Delphine Bauer: "Blaming the victim, as the expression says for itself, is first of all considering that the victim is himself responsible for his own tragedy. We talk about this in particular when we talk about the Mediator, a medicine prescribed to women.These feel guilty for what is happening to them because they are the ones who wanted to lose weight and who looked into this alternative.When they realize that because of taking this medicine, most of them were close to death, they can't help but feel a sense of guilt, maintained by the Servier laboratory, which manufactured it.
By this notion, we also try to show that the victim does not have to feel guilty for what is happening to him and that it is necessary to go up this chain of responsibilities, which concerns the public authorities such as laboratories and doctors.
Do you think that women would be better considered and cared for by accessing key positions in the medical and scientific fields?
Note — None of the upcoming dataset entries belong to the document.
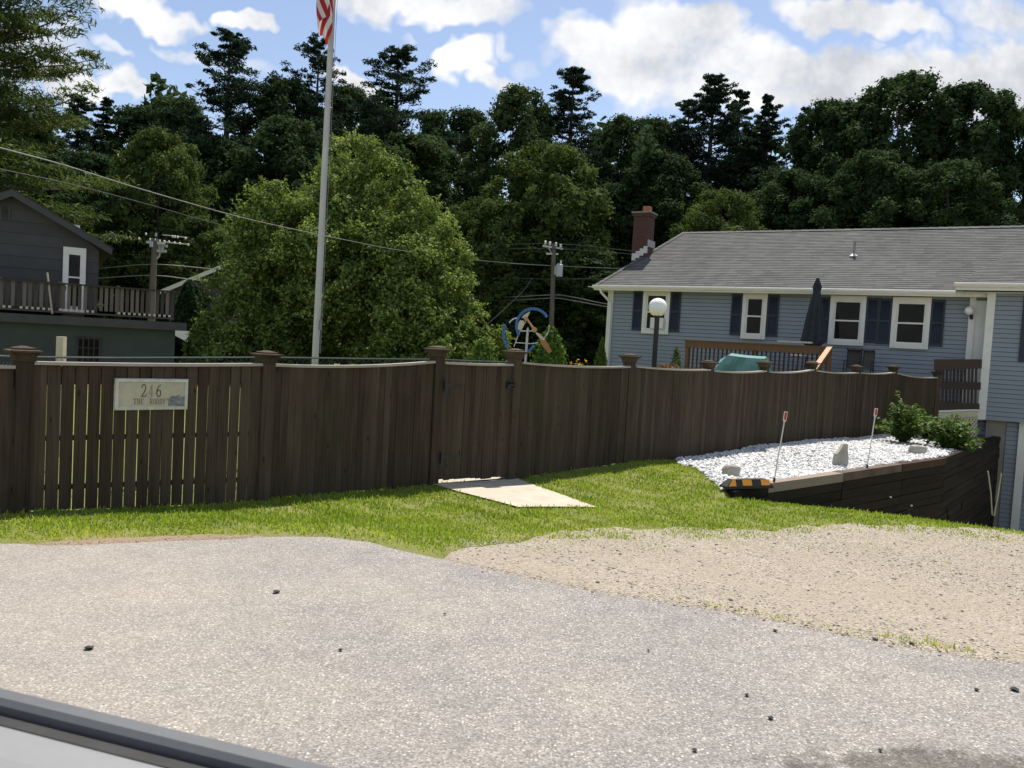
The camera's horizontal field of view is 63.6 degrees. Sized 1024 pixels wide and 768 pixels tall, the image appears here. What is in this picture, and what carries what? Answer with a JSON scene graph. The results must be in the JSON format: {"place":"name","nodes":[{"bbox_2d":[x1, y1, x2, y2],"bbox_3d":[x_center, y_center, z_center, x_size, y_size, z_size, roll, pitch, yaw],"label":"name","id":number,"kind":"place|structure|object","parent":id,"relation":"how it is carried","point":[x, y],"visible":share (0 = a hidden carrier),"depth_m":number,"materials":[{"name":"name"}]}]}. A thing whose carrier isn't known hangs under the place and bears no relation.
{"place":"outdoors","nodes":[
{"label":"outdoors","id":0,"kind":"place"},
{"bbox_2d":[0,169,229,226],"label":"utility wire","id":1,"kind":"object","parent":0,"point":[104,192],"visible":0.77,"depth_m":26.34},
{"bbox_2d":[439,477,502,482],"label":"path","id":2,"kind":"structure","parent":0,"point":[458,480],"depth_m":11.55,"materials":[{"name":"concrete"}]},
{"bbox_2d":[0,360,993,558],"bbox_3d":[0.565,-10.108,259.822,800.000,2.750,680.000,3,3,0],"label":"ground","id":3,"kind":"structure","parent":0,"point":[411,548],"depth_m":9.59,"materials":[{"name":"green plant"}]},
{"bbox_2d":[0,120,88,200],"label":"broadleaf tree","id":4,"kind":"object","parent":3,"relation":"on","point":[46,139],"visible":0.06,"depth_m":58.92,"materials":[{"name":"green plant"}]},
{"bbox_2d":[56,336,66,454],"bbox_3d":[-5.608,0.162,10.238,0.085,1.500,0.085,3,3,0],"label":"wooden post","id":5,"kind":"object","parent":3,"relation":"on","point":[61,345],"visible":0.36,"depth_m":10.17,"materials":[{"name":"beige paint"}]},
{"bbox_2d":[0,0,142,305],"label":"pine tree","id":6,"kind":"object","parent":3,"relation":"on","point":[13,114],"visible":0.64,"depth_m":39.38,"materials":[{"name":"green plant"}]},
{"bbox_2d":[53,92,107,193],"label":"pine tree","id":7,"kind":"object","parent":3,"relation":"on","point":[80,141],"visible":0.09,"depth_m":68.44,"materials":[{"name":"green plant"}]},
{"bbox_2d":[43,201,128,318],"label":"broadleaf tree","id":8,"kind":"object","parent":3,"relation":"on","point":[92,227],"visible":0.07,"depth_m":45.58,"materials":[{"name":"green plant"}]},
{"bbox_2d":[24,148,154,309],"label":"broadleaf tree","id":9,"kind":"object","parent":3,"relation":"on","point":[97,163],"visible":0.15,"depth_m":54.27,"materials":[{"name":"green plant"}]},
{"bbox_2d":[0,189,186,366],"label":"grey house","id":10,"kind":"structure","parent":3,"relation":"on","point":[38,242],"depth_m":26.64,"materials":[{"name":"grey"}]},
{"bbox_2d":[61,246,85,316],"bbox_3d":[-14.588,-3.363,27.490,0.675,2.349,0.115,2,3,-29],"label":"door","id":11,"kind":"structure","parent":10,"relation":"in","point":[74,268],"depth_m":27.49,"materials":[{"name":"white paint"}]},
{"bbox_2d":[76,337,100,361],"bbox_3d":[-13.376,-1.053,26.057,0.712,0.844,0.056,2,3,-29],"label":"window","id":12,"kind":"structure","parent":10,"relation":"in","point":[86,346],"depth_m":26.04,"materials":[{"name":"black glass"}]},
{"bbox_2d":[71,96,125,196],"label":"spruce tree","id":13,"kind":"object","parent":3,"relation":"on","point":[105,102],"visible":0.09,"depth_m":70.52,"materials":[{"name":"green plant"}]},
{"bbox_2d":[76,197,176,320],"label":"broadleaf tree","id":14,"kind":"object","parent":3,"relation":"on","point":[100,206],"visible":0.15,"depth_m":48.19,"materials":[{"name":"green plant"}]},
{"bbox_2d":[93,103,169,215],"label":"broadleaf tree","id":15,"kind":"object","parent":3,"relation":"on","point":[128,118],"visible":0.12,"depth_m":69.72,"materials":[{"name":"green plant"}]},
{"bbox_2d":[98,125,219,320],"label":"broadleaf tree","id":16,"kind":"object","parent":3,"relation":"on","point":[180,170],"visible":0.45,"depth_m":47.90,"materials":[{"name":"green plant"}]},
{"bbox_2d":[33,534,287,545],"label":"dirt verge","id":17,"kind":"structure","parent":3,"relation":"on","point":[115,540],"depth_m":6.62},
{"bbox_2d":[138,233,188,320],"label":"utility pole","id":18,"kind":"object","parent":3,"relation":"on","point":[156,245],"visible":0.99,"depth_m":41.69,"materials":[{"name":"brown wood"}]},
{"bbox_2d":[99,264,219,269],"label":"utility wire","id":19,"kind":"object","parent":18,"relation":"attached to","point":[157,264],"visible":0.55,"depth_m":42.41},
{"bbox_2d":[125,93,219,223],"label":"broadleaf tree","id":20,"kind":"object","parent":3,"relation":"on","point":[180,102],"visible":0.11,"depth_m":69.62,"materials":[{"name":"green plant"}]},
{"bbox_2d":[169,279,208,331],"bbox_3d":[-13.303,-2.383,33.975,1.868,3.896,1.831,3,3,0],"label":"evergreen shrub","id":21,"kind":"object","parent":3,"relation":"on","point":[187,302],"visible":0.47,"depth_m":33.60,"materials":[{"name":"green plant"}]},
{"bbox_2d":[141,215,244,321],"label":"broadleaf tree","id":22,"kind":"object","parent":3,"relation":"on","point":[187,225],"visible":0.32,"depth_m":46.25,"materials":[{"name":"green plant"}]},
{"bbox_2d":[179,322,211,367],"bbox_3d":[-11.033,-1.157,29.003,1.357,2.144,1.382,3,3,0],"label":"side shrub","id":23,"kind":"object","parent":3,"relation":"on","point":[192,348],"visible":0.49,"depth_m":28.71,"materials":[{"name":"green plant"}]},
{"bbox_2d":[148,134,259,268],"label":"broadleaf tree","id":24,"kind":"object","parent":3,"relation":"on","point":[215,164],"visible":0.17,"depth_m":59.54,"materials":[{"name":"green plant"}]},
{"bbox_2d":[174,331,243,362],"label":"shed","id":25,"kind":"structure","parent":3,"relation":"on","point":[181,337],"depth_m":29.93,"materials":[{"name":"grey"}]},
{"bbox_2d":[129,27,294,217],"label":"pine tree","id":26,"kind":"object","parent":3,"relation":"on","point":[234,93],"visible":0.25,"depth_m":63.39,"materials":[{"name":"green plant"}]},
{"bbox_2d":[160,265,290,340],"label":"gabled house","id":27,"kind":"structure","parent":3,"relation":"on","point":[177,287],"depth_m":45.63,"materials":[{"name":"grey"}]},
{"bbox_2d":[0,355,507,388],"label":"chain link fence","id":28,"kind":"object","parent":3,"relation":"on","point":[217,357],"visible":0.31,"depth_m":10.12,"materials":[{"name":"metal"}]},
{"bbox_2d":[211,74,323,211],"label":"broadleaf tree","id":29,"kind":"object","parent":3,"relation":"on","point":[283,88],"visible":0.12,"depth_m":65.31,"materials":[{"name":"green plant"}]},
{"bbox_2d":[213,114,329,258],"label":"broadleaf tree","id":30,"kind":"object","parent":3,"relation":"on","point":[272,136],"visible":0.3,"depth_m":57.39,"materials":[{"name":"green plant"}]},
{"bbox_2d":[253,32,364,185],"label":"pine tree","id":31,"kind":"object","parent":3,"relation":"on","point":[318,63],"visible":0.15,"depth_m":68.14,"materials":[{"name":"green plant"}]},
{"bbox_2d":[311,0,337,364],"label":"flagpole","id":32,"kind":"object","parent":3,"relation":"on","point":[318,312],"visible":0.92,"depth_m":12.91,"materials":[{"name":"metal"}]},
{"bbox_2d":[316,0,333,45],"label":"flag","id":33,"kind":"object","parent":32,"relation":"hanging from","point":[324,10],"visible":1,"depth_m":12.61,"materials":[{"name":"fabric"}]},
{"bbox_2d":[314,81,381,143],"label":"broadleaf tree","id":34,"kind":"object","parent":3,"relation":"on","point":[350,90],"visible":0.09,"depth_m":69.48,"materials":[{"name":"green plant"}]},
{"bbox_2d":[188,126,515,364],"bbox_3d":[-5.387,-4.534,31.180,11.670,10.213,8.526,3,3,0],"label":"yard tree","id":35,"kind":"object","parent":3,"relation":"on","point":[399,304],"visible":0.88,"depth_m":29.16,"materials":[{"name":"green plant"}]},
{"bbox_2d":[312,135,413,330],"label":"broadleaf tree","id":36,"kind":"object","parent":3,"relation":"on","point":[335,153],"visible":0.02,"depth_m":57.72,"materials":[{"name":"green plant"}]},
{"bbox_2d":[330,44,466,222],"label":"pine tree","id":37,"kind":"object","parent":3,"relation":"on","point":[379,124],"visible":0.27,"depth_m":63.80,"materials":[{"name":"green plant"}]},
{"bbox_2d":[374,130,479,273],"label":"broadleaf tree","id":38,"kind":"object","parent":3,"relation":"on","point":[435,156],"visible":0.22,"depth_m":59.55,"materials":[{"name":"green plant"}]},
{"bbox_2d":[410,108,460,245],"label":"broadleaf tree","id":39,"kind":"object","parent":3,"relation":"on","point":[432,119],"visible":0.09,"depth_m":72.07,"materials":[{"name":"green plant"}]},
{"bbox_2d":[0,97,871,361],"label":"undergrowth","id":40,"kind":"object","parent":3,"relation":"on","point":[528,220],"visible":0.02,"depth_m":55.09,"materials":[{"name":"plant"}]},
{"bbox_2d":[416,104,505,241],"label":"broadleaf tree","id":41,"kind":"object","parent":3,"relation":"on","point":[466,120],"visible":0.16,"depth_m":67.83,"materials":[{"name":"green plant"}]},
{"bbox_2d":[0,346,945,513],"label":"wooden fence","id":42,"kind":"object","parent":3,"relation":"on","point":[329,429],"visible":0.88,"depth_m":10.42,"materials":[{"name":"brown wood"}]},
{"bbox_2d":[114,378,187,410],"bbox_3d":[-3.674,0.106,8.435,0.735,0.325,0.032,0,4,-44],"label":"house number sign","id":43,"kind":"object","parent":42,"relation":"attached to","point":[147,394],"visible":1,"depth_m":8.42,"materials":[{"name":"paint"}]},
{"bbox_2d":[464,337,497,363],"bbox_3d":[-0.557,0.142,15.534,1.184,2.046,1.138,3,3,0],"label":"shrub","id":44,"kind":"object","parent":3,"relation":"on","point":[484,347],"visible":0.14,"depth_m":15.39,"materials":[{"name":"green plant"}]},
{"bbox_2d":[435,196,539,363],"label":"broadleaf tree","id":45,"kind":"object","parent":3,"relation":"on","point":[463,213],"visible":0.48,"depth_m":49.84,"materials":[{"name":"green plant"}]},
{"bbox_2d":[21,71,998,212],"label":"forest","id":46,"kind":"object","parent":3,"relation":"on","point":[161,85],"depth_m":76.00,"materials":[{"name":"plant"}]},
{"bbox_2d":[457,82,567,303],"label":"broadleaf tree","id":47,"kind":"object","parent":3,"relation":"on","point":[530,124],"visible":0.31,"depth_m":61.55,"materials":[{"name":"green plant"}]},
{"bbox_2d":[502,307,551,361],"bbox_3d":[0.208,-0.029,14.029,0.875,2.551,0.133,4,3,11],"label":"wind spinner","id":48,"kind":"object","parent":3,"relation":"on","point":[521,324],"visible":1,"depth_m":13.96,"materials":[{"name":"metal"}]},
{"bbox_2d":[464,140,622,361],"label":"broadleaf tree","id":49,"kind":"object","parent":3,"relation":"on","point":[519,167],"visible":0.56,"depth_m":51.18,"materials":[{"name":"green plant"}]},
{"bbox_2d":[529,326,568,364],"bbox_3d":[0.732,0.008,16.528,1.233,2.372,1.256,3,3,0],"label":"feathery shrub","id":50,"kind":"object","parent":3,"relation":"on","point":[541,356],"visible":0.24,"depth_m":16.34,"materials":[{"name":"green plant"}]},
{"bbox_2d":[542,240,562,362],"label":"utility pole","id":51,"kind":"object","parent":3,"relation":"on","point":[557,270],"visible":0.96,"depth_m":47.62,"materials":[{"name":"brown wood"}]},
{"bbox_2d":[0,147,549,265],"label":"utility wire","id":52,"kind":"object","parent":51,"relation":"attached to","point":[202,206],"visible":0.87,"depth_m":16.35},
{"bbox_2d":[471,298,606,306],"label":"utility wire","id":53,"kind":"object","parent":51,"relation":"attached to","point":[549,298],"visible":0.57,"depth_m":47.79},
{"bbox_2d":[473,294,606,303],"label":"utility wire","id":54,"kind":"object","parent":51,"relation":"attached to","point":[549,294],"visible":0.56,"depth_m":47.71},
{"bbox_2d":[499,238,614,365],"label":"broadleaf tree","id":55,"kind":"object","parent":3,"relation":"on","point":[599,316],"visible":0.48,"depth_m":49.91,"materials":[{"name":"green plant"}]},
{"bbox_2d":[508,66,624,236],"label":"pine tree","id":56,"kind":"object","parent":3,"relation":"on","point":[575,80],"visible":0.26,"depth_m":64.39,"materials":[{"name":"green plant"}]},
{"bbox_2d":[540,182,661,344],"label":"broadleaf tree","id":57,"kind":"object","parent":3,"relation":"on","point":[628,246],"visible":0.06,"depth_m":54.76,"materials":[{"name":"green plant"}]},
{"bbox_2d":[594,337,607,365],"bbox_3d":[2.055,-0.006,19.519,0.998,2.204,1.029,5,3,30],"label":"dwarf conifer","id":58,"kind":"object","parent":3,"relation":"on","point":[601,359],"visible":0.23,"depth_m":19.42,"materials":[{"name":"green plant"}]},
{"bbox_2d":[576,113,659,192],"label":"broadleaf tree","id":59,"kind":"object","parent":3,"relation":"on","point":[618,130],"visible":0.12,"depth_m":65.56,"materials":[{"name":"green plant"}]},
{"bbox_2d":[608,114,693,202],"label":"broadleaf tree","id":60,"kind":"object","parent":3,"relation":"on","point":[663,129],"visible":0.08,"depth_m":67.88,"materials":[{"name":"green plant"}]},
{"bbox_2d":[600,148,713,330],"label":"broadleaf tree","id":61,"kind":"object","parent":3,"relation":"on","point":[675,175],"visible":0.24,"depth_m":53.96,"materials":[{"name":"green plant"}]},
{"bbox_2d":[648,298,666,367],"bbox_3d":[3.023,-0.304,17.599,0.395,3.050,0.395,3,3,0],"label":"garden lamp","id":62,"kind":"object","parent":3,"relation":"on","point":[657,307],"visible":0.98,"depth_m":17.48,"materials":[{"name":"glass"}]},
{"bbox_2d":[669,347,681,368],"bbox_3d":[4.240,0.070,21.528,0.588,2.104,0.597,3,3,0],"label":"climbing shrub","id":63,"kind":"object","parent":3,"relation":"on","point":[678,363],"visible":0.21,"depth_m":21.43,"materials":[{"name":"green plant"}]},
{"bbox_2d":[665,98,727,229],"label":"pine tree","id":64,"kind":"object","parent":3,"relation":"on","point":[683,107],"visible":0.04,"depth_m":68.35,"materials":[{"name":"green plant"}]},
{"bbox_2d":[668,72,765,223],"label":"pine tree","id":65,"kind":"object","parent":3,"relation":"on","point":[711,100],"visible":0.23,"depth_m":65.88,"materials":[{"name":"green plant"}]},
{"bbox_2d":[669,186,770,238],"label":"broadleaf tree","id":66,"kind":"object","parent":3,"relation":"on","point":[700,219],"visible":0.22,"depth_m":48.48,"materials":[{"name":"green plant"}]},
{"bbox_2d":[694,89,771,216],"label":"spruce tree","id":67,"kind":"object","parent":3,"relation":"on","point":[740,94],"visible":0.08,"depth_m":68.15,"materials":[{"name":"green plant"}]},
{"bbox_2d":[714,353,772,372],"bbox_3d":[5.395,-0.083,19.291,1.594,1.239,0.857,3,3,0],"label":"covered table","id":68,"kind":"object","parent":3,"relation":"on","point":[736,362],"visible":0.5,"depth_m":18.88,"materials":[{"name":"fabric"}]},
{"bbox_2d":[722,93,793,217],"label":"spruce tree","id":69,"kind":"object","parent":3,"relation":"on","point":[765,127],"visible":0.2,"depth_m":68.44,"materials":[{"name":"green plant"}]},
{"bbox_2d":[683,340,833,371],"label":"deck","id":70,"kind":"structure","parent":3,"relation":"on","point":[825,357],"depth_m":23.58,"materials":[{"name":"brown wood"}]},
{"bbox_2d":[800,278,826,345],"bbox_3d":[8.951,-1.624,24.458,0.718,3.048,0.718,1,4,-38],"label":"patio umbrella","id":71,"kind":"object","parent":70,"relation":"on","point":[814,329],"visible":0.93,"depth_m":24.29,"materials":[{"name":"blue fabric"}]},
{"bbox_2d":[843,348,862,372],"bbox_3d":[10.124,-0.548,24.546,0.427,1.026,0.682,5,3,30],"label":"patio chair","id":72,"kind":"object","parent":70,"relation":"on","point":[854,356],"visible":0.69,"depth_m":24.78,"materials":[{"name":"grey"}]},
{"bbox_2d":[860,349,874,372],"bbox_3d":[10.289,-0.503,23.933,0.315,1.016,0.682,5,3,30],"label":"patio chair","id":73,"kind":"object","parent":70,"relation":"on","point":[868,360],"visible":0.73,"depth_m":24.16,"materials":[{"name":"grey"}]},
{"bbox_2d":[739,167,849,230],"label":"broadleaf tree","id":74,"kind":"object","parent":3,"relation":"on","point":[791,183],"visible":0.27,"depth_m":50.16,"materials":[{"name":"green plant"}]},
{"bbox_2d":[588,206,1023,531],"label":"blue house","id":75,"kind":"structure","parent":3,"relation":"on","point":[912,301],"depth_m":26.09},
{"bbox_2d":[641,291,670,333],"bbox_3d":[4.914,-2.470,28.261,0.966,1.505,0.200,5,3,30],"label":"window","id":76,"kind":"structure","parent":75,"relation":"in","point":[647,326],"depth_m":28.27,"materials":[{"name":"white paint"}]},
{"bbox_2d":[740,293,767,339],"bbox_3d":[7.815,-2.195,26.645,0.780,1.487,0.120,5,3,30],"label":"window","id":77,"kind":"structure","parent":75,"relation":"in","point":[754,307],"depth_m":26.65,"materials":[{"name":"white paint"}]},
{"bbox_2d":[827,295,866,345],"bbox_3d":[10.248,-1.943,25.252,1.027,1.513,0.120,5,3,30],"label":"window","id":78,"kind":"structure","parent":75,"relation":"in","point":[847,316],"depth_m":25.26,"materials":[{"name":"white paint"}]},
{"bbox_2d":[889,297,931,349],"bbox_3d":[11.767,-1.802,24.382,1.028,1.517,0.120,5,3,30],"label":"window","id":79,"kind":"structure","parent":75,"relation":"in","point":[910,322],"depth_m":24.38,"materials":[{"name":"white paint"}]},
{"bbox_2d":[961,297,986,419],"bbox_3d":[13.464,-0.735,23.439,1.040,3.523,0.080,5,3,30],"label":"door","id":80,"kind":"structure","parent":75,"relation":"in","point":[976,326],"depth_m":23.54,"materials":[{"name":"white paint"}]},
{"bbox_2d":[1010,422,1023,530],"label":"garage door","id":81,"kind":"structure","parent":75,"relation":"in","point":[1019,470],"depth_m":22.78,"materials":[{"name":"white paint"}]},
{"bbox_2d":[758,97,894,228],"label":"broadleaf tree","id":82,"kind":"object","parent":3,"relation":"on","point":[830,119],"visible":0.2,"depth_m":53.80,"materials":[{"name":"green plant"}]},
{"bbox_2d":[724,457,949,520],"bbox_3d":[6.979,2.582,17.134,3.098,2.324,13.885,6,4,44],"label":"gravel bed","id":83,"kind":"object","parent":3,"relation":"on","point":[806,471],"visible":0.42,"depth_m":14.11,"materials":[{"name":"gravel"}]},
{"bbox_2d":[722,464,740,477],"bbox_3d":[3.398,1.351,12.768,0.275,0.222,0.203,3,3,0],"label":"rock","id":84,"kind":"object","parent":83,"relation":"on","point":[732,469],"visible":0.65,"depth_m":12.68,"materials":[{"name":"stone"}]},
{"bbox_2d":[675,434,954,489],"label":"white gravel","id":85,"kind":"structure","parent":83,"relation":"on","point":[885,449],"depth_m":15.66,"materials":[{"name":"gravel"}]},
{"bbox_2d":[915,412,947,439],"bbox_3d":[10.719,1.111,21.044,1.197,0.808,1.106,3,3,0],"label":"leafy bush","id":86,"kind":"object","parent":85,"relation":"on","point":[925,435],"visible":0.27,"depth_m":20.98,"materials":[{"name":"green plant"}]},
{"bbox_2d":[832,443,848,465],"bbox_3d":[5.861,1.289,14.726,0.267,0.472,0.182,3,3,0],"label":"standing stone","id":87,"kind":"object","parent":83,"relation":"on","point":[840,455],"visible":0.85,"depth_m":14.65,"materials":[{"name":"stone"}]},
{"bbox_2d":[872,390,933,442],"bbox_3d":[9.372,0.807,19.689,1.379,1.295,1.353,3,3,0],"label":"leafy bush","id":88,"kind":"object","parent":83,"relation":"on","point":[903,427],"visible":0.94,"depth_m":19.52,"materials":[{"name":"green plant"}]},
{"bbox_2d":[908,445,927,453],"bbox_3d":[8.490,1.381,17.287,0.339,0.219,0.227,3,3,0],"label":"rock","id":89,"kind":"object","parent":83,"relation":"on","point":[913,449],"visible":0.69,"depth_m":17.19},
{"bbox_2d":[723,436,1000,527],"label":"retaining wall","id":90,"kind":"structure","parent":3,"relation":"on","point":[956,482],"depth_m":15.72,"materials":[{"name":"brown wood"}]},
{"bbox_2d":[719,478,773,488],"bbox_3d":[3.323,1.400,11.678,0.805,0.128,0.180,2,3,-23],"label":"parking stop","id":91,"kind":"object","parent":90,"relation":"on","point":[742,483],"visible":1,"depth_m":11.60,"materials":[{"name":"black rubber"}]},
{"bbox_2d":[773,411,787,481],"bbox_3d":[3.984,0.976,12.283,0.220,1.146,0.047,1,4,-34],"label":"reflector stake","id":92,"kind":"object","parent":90,"relation":"attached to","point":[784,421],"visible":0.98,"depth_m":12.28,"materials":[{"name":"white paint"}]},
{"bbox_2d":[866,408,877,467],"bbox_3d":[6.310,0.994,14.493,0.210,1.146,0.048,1,4,-36],"label":"reflector stake","id":93,"kind":"object","parent":90,"relation":"attached to","point":[875,412],"visible":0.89,"depth_m":14.49,"materials":[{"name":"white paint"}]},
{"bbox_2d":[987,471,1001,515],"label":"wooden poles","id":94,"kind":"object","parent":90,"relation":"on","point":[991,493],"visible":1,"depth_m":20.02,"materials":[{"name":"beige paint"}]},
{"bbox_2d":[808,148,942,229],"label":"broadleaf tree","id":95,"kind":"object","parent":3,"relation":"on","point":[880,172],"visible":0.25,"depth_m":46.19,"materials":[{"name":"green plant"}]},
{"bbox_2d":[828,66,992,228],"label":"broadleaf tree","id":96,"kind":"object","parent":3,"relation":"on","point":[903,90],"visible":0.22,"depth_m":51.42,"materials":[{"name":"green plant"}]},
{"bbox_2d":[921,413,985,451],"bbox_3d":[10.152,1.165,18.985,1.209,1.009,1.171,3,3,0],"label":"leafy bush","id":97,"kind":"object","parent":3,"relation":"on","point":[956,438],"visible":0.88,"depth_m":18.80,"materials":[{"name":"green plant"}]},
{"bbox_2d":[890,157,1020,227],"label":"broadleaf tree","id":98,"kind":"object","parent":3,"relation":"on","point":[959,177],"visible":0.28,"depth_m":44.18,"materials":[{"name":"green plant"}]},
{"bbox_2d":[934,359,981,436],"bbox_3d":[12.233,0.390,22.782,1.772,2.227,0.158,2,3,-20],"label":"porch","id":99,"kind":"object","parent":3,"relation":"on","point":[971,408],"visible":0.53,"depth_m":22.79,"materials":[{"name":"brown wood"}]},
{"bbox_2d":[895,79,1023,224],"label":"broadleaf tree","id":100,"kind":"object","parent":3,"relation":"on","point":[1004,114],"visible":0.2,"depth_m":49.34,"materials":[{"name":"green plant"}]},
{"bbox_2d":[988,105,1023,225],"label":"broadleaf tree","id":101,"kind":"object","parent":3,"relation":"on","point":[1010,153],"visible":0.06,"depth_m":50.16,"materials":[{"name":"green plant"}]},
{"bbox_2d":[0,537,1023,767],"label":"road","id":102,"kind":"structure","parent":0,"point":[220,640],"depth_m":4.42,"materials":[{"name":"asphalt"}]},
{"bbox_2d":[0,688,333,767],"bbox_3d":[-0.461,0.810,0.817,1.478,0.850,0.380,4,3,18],"label":"parked car","id":103,"kind":"object","parent":102,"relation":"on","point":[37,732],"visible":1,"depth_m":0.89,"materials":[{"name":"grey metal"}]},
{"bbox_2d":[0,457,1023,653],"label":"grass","id":104,"kind":"structure","parent":0,"point":[315,521],"depth_m":9.20,"materials":[{"name":"plant"}]},
{"bbox_2d":[0,0,1023,201],"label":"sky","id":105,"kind":"structure","parent":0,"point":[643,57],"materials":[{"name":"blue"}]},
{"bbox_2d":[435,478,593,506],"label":"path","id":106,"kind":"structure","parent":0,"point":[516,492],"depth_m":10.74,"materials":[{"name":"concrete"}]},
{"bbox_2d":[443,522,1023,677],"bbox_3d":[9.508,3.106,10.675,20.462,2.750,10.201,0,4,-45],"label":"gravel driveway","id":107,"kind":"structure","parent":0,"point":[715,569],"depth_m":7.29,"materials":[{"name":"gravel"}]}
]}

Arianne Puccini :"The eye of women in medicine is really important. We notice today that women are in the majority on the benches of universities, as well as among new members of the Order of Physicians. By conducting our survey, we We were surprised to see that it was above all women who were able to answer our questions. Indeed, men do not ask themselves questions about women's issues, or very few of them, so having women in science is a real asset for to advance knowledge on the health of the latter."
Delphine Bauer: "It has now been proven that allowing a better representation of women in science is not only a question of principles, but above all a question of quality. Women come with questions that men would not necessarily have. eu, leading to new questions and answers."
* Also authors of Zero Impunity, a book-investigation on sexual violence in times of war (Ed. Otherwise, October 2017).